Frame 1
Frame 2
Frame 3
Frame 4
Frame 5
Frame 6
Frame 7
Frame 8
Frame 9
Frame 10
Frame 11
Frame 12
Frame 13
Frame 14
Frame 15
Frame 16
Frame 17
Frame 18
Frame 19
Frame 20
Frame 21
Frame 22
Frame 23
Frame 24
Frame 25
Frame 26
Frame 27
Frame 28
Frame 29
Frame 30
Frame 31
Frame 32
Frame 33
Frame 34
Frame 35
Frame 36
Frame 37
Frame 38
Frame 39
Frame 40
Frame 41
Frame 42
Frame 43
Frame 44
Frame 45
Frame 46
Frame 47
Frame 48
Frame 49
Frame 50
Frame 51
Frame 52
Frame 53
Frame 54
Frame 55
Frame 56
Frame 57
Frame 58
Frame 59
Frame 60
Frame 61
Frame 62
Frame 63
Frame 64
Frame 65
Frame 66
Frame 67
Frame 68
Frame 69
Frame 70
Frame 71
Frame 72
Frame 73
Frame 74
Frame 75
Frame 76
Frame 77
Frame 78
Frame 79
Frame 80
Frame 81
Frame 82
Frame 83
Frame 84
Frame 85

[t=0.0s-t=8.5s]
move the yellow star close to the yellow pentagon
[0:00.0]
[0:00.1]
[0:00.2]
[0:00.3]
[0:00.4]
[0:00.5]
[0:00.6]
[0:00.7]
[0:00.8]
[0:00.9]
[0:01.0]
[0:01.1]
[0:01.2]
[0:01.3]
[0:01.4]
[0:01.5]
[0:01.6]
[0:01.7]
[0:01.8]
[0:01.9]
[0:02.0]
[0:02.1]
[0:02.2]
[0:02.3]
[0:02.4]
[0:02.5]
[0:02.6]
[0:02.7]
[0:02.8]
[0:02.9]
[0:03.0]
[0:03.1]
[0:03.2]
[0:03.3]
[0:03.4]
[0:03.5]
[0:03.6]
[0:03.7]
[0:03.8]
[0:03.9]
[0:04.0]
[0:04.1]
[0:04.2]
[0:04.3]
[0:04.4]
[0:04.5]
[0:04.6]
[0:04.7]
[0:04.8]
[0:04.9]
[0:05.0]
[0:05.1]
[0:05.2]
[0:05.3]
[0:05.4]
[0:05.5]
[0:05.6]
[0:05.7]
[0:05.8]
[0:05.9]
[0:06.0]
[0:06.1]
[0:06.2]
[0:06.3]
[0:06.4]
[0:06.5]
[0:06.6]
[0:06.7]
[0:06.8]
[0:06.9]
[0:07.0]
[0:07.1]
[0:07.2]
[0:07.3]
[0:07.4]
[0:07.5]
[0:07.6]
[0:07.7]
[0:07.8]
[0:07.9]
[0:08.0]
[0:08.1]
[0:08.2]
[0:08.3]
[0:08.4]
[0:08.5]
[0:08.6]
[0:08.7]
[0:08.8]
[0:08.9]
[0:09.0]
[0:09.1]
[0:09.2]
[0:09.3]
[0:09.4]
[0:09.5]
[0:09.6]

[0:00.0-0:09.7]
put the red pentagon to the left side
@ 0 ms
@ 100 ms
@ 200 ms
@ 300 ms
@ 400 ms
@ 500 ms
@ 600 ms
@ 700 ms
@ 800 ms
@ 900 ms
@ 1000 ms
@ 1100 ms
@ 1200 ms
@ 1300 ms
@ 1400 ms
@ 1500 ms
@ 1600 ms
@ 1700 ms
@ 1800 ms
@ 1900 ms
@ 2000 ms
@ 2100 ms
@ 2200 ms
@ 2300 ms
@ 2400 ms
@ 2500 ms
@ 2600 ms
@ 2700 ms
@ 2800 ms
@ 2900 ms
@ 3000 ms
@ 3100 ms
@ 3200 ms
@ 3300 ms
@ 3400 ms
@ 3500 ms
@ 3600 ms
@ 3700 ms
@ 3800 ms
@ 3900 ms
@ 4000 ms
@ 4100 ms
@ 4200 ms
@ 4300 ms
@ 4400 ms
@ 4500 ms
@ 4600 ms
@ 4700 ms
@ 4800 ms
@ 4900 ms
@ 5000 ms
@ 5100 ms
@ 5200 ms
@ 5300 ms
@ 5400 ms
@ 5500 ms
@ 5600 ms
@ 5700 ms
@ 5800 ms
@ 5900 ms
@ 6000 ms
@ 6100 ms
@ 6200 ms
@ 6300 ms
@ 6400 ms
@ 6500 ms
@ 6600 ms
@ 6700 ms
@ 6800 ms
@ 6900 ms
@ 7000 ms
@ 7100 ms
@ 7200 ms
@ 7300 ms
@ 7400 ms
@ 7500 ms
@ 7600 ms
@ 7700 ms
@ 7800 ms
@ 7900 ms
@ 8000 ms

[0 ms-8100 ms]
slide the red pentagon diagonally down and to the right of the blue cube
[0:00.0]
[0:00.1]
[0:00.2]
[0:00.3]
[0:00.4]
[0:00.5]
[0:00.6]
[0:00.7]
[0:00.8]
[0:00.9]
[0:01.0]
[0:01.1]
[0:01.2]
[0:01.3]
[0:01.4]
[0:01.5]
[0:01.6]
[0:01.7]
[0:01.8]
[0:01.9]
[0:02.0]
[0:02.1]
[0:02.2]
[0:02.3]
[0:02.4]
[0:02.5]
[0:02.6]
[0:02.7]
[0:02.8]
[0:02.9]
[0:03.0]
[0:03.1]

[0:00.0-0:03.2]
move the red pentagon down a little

* [AIM OF THE EXERCISE]
Repeat every line of the records above exactly.

* [SOLUTION]
Frame 1
Frame 2
Frame 3
Frame 4
Frame 5
Frame 6
Frame 7
Frame 8
Frame 9
Frame 10
Frame 11
Frame 12
Frame 13
Frame 14
Frame 15
Frame 16
Frame 17
Frame 18
Frame 19
Frame 20
Frame 21
Frame 22
Frame 23
Frame 24
Frame 25
Frame 26
Frame 27
Frame 28
Frame 29
Frame 30
Frame 31
Frame 32
Frame 33
Frame 34
Frame 35
Frame 36
Frame 37
Frame 38
Frame 39
Frame 40
Frame 41
Frame 42
Frame 43
Frame 44
Frame 45
Frame 46
Frame 47
Frame 48
Frame 49
Frame 50
Frame 51
Frame 52
Frame 53
Frame 54
Frame 55
Frame 56
Frame 57
Frame 58
Frame 59
Frame 60
Frame 61
Frame 62
Frame 63
Frame 64
Frame 65
Frame 66
Frame 67
Frame 68
Frame 69
Frame 70
Frame 71
Frame 72
Frame 73
Frame 74
Frame 75
Frame 76
Frame 77
Frame 78
Frame 79
Frame 80
Frame 81
Frame 82
Frame 83
Frame 84
Frame 85

[t=0.0s-t=8.5s]
move the yellow star close to the yellow pentagon
[0:00.0]
[0:00.1]
[0:00.2]
[0:00.3]
[0:00.4]
[0:00.5]
[0:00.6]
[0:00.7]
[0:00.8]
[0:00.9]
[0:01.0]
[0:01.1]
[0:01.2]
[0:01.3]
[0:01.4]
[0:01.5]
[0:01.6]
[0:01.7]
[0:01.8]
[0:01.9]
[0:02.0]
[0:02.1]
[0:02.2]
[0:02.3]
[0:02.4]
[0:02.5]
[0:02.6]
[0:02.7]
[0:02.8]
[0:02.9]
[0:03.0]
[0:03.1]
[0:03.2]
[0:03.3]
[0:03.4]
[0:03.5]
[0:03.6]
[0:03.7]
[0:03.8]
[0:03.9]
[0:04.0]
[0:04.1]
[0:04.2]
[0:04.3]
[0:04.4]
[0:04.5]
[0:04.6]
[0:04.7]
[0:04.8]
[0:04.9]
[0:05.0]
[0:05.1]
[0:05.2]
[0:05.3]
[0:05.4]
[0:05.5]
[0:05.6]
[0:05.7]
[0:05.8]
[0:05.9]
[0:06.0]
[0:06.1]
[0:06.2]
[0:06.3]
[0:06.4]
[0:06.5]
[0:06.6]
[0:06.7]
[0:06.8]
[0:06.9]
[0:07.0]
[0:07.1]
[0:07.2]
[0:07.3]
[0:07.4]
[0:07.5]
[0:07.6]
[0:07.7]
[0:07.8]
[0:07.9]
[0:08.0]
[0:08.1]
[0:08.2]
[0:08.3]
[0:08.4]
[0:08.5]
[0:08.6]
[0:08.7]
[0:08.8]
[0:08.9]
[0:09.0]
[0:09.1]
[0:09.2]
[0:09.3]
[0:09.4]
[0:09.5]
[0:09.6]

[0:00.0-0:09.7]
put the red pentagon to the left side
@ 0 ms
@ 100 ms
@ 200 ms
@ 300 ms
@ 400 ms
@ 500 ms
@ 600 ms
@ 700 ms
@ 800 ms
@ 900 ms
@ 1000 ms
@ 1100 ms
@ 1200 ms
@ 1300 ms
@ 1400 ms
@ 1500 ms
@ 1600 ms
@ 1700 ms
@ 1800 ms
@ 1900 ms
@ 2000 ms
@ 2100 ms
@ 2200 ms
@ 2300 ms
@ 2400 ms
@ 2500 ms
@ 2600 ms
@ 2700 ms
@ 2800 ms
@ 2900 ms
@ 3000 ms
@ 3100 ms
@ 3200 ms
@ 3300 ms
@ 3400 ms
@ 3500 ms
@ 3600 ms
@ 3700 ms
@ 3800 ms
@ 3900 ms
@ 4000 ms
@ 4100 ms
@ 4200 ms
@ 4300 ms
@ 4400 ms
@ 4500 ms
@ 4600 ms
@ 4700 ms
@ 4800 ms
@ 4900 ms
@ 5000 ms
@ 5100 ms
@ 5200 ms
@ 5300 ms
@ 5400 ms
@ 5500 ms
@ 5600 ms
@ 5700 ms
@ 5800 ms
@ 5900 ms
@ 6000 ms
@ 6100 ms
@ 6200 ms
@ 6300 ms
@ 6400 ms
@ 6500 ms
@ 6600 ms
@ 6700 ms
@ 6800 ms
@ 6900 ms
@ 7000 ms
@ 7100 ms
@ 7200 ms
@ 7300 ms
@ 7400 ms
@ 7500 ms
@ 7600 ms
@ 7700 ms
@ 7800 ms
@ 7900 ms
@ 8000 ms

[0 ms-8100 ms]
slide the red pentagon diagonally down and to the right of the blue cube
[0:00.0]
[0:00.1]
[0:00.2]
[0:00.3]
[0:00.4]
[0:00.5]
[0:00.6]
[0:00.7]
[0:00.8]
[0:00.9]
[0:01.0]
[0:01.1]
[0:01.2]
[0:01.3]
[0:01.4]
[0:01.5]
[0:01.6]
[0:01.7]
[0:01.8]
[0:01.9]
[0:02.0]
[0:02.1]
[0:02.2]
[0:02.3]
[0:02.4]
[0:02.5]
[0:02.6]
[0:02.7]
[0:02.8]
[0:02.9]
[0:03.0]
[0:03.1]

[0:00.0-0:03.2]
move the red pentagon down a little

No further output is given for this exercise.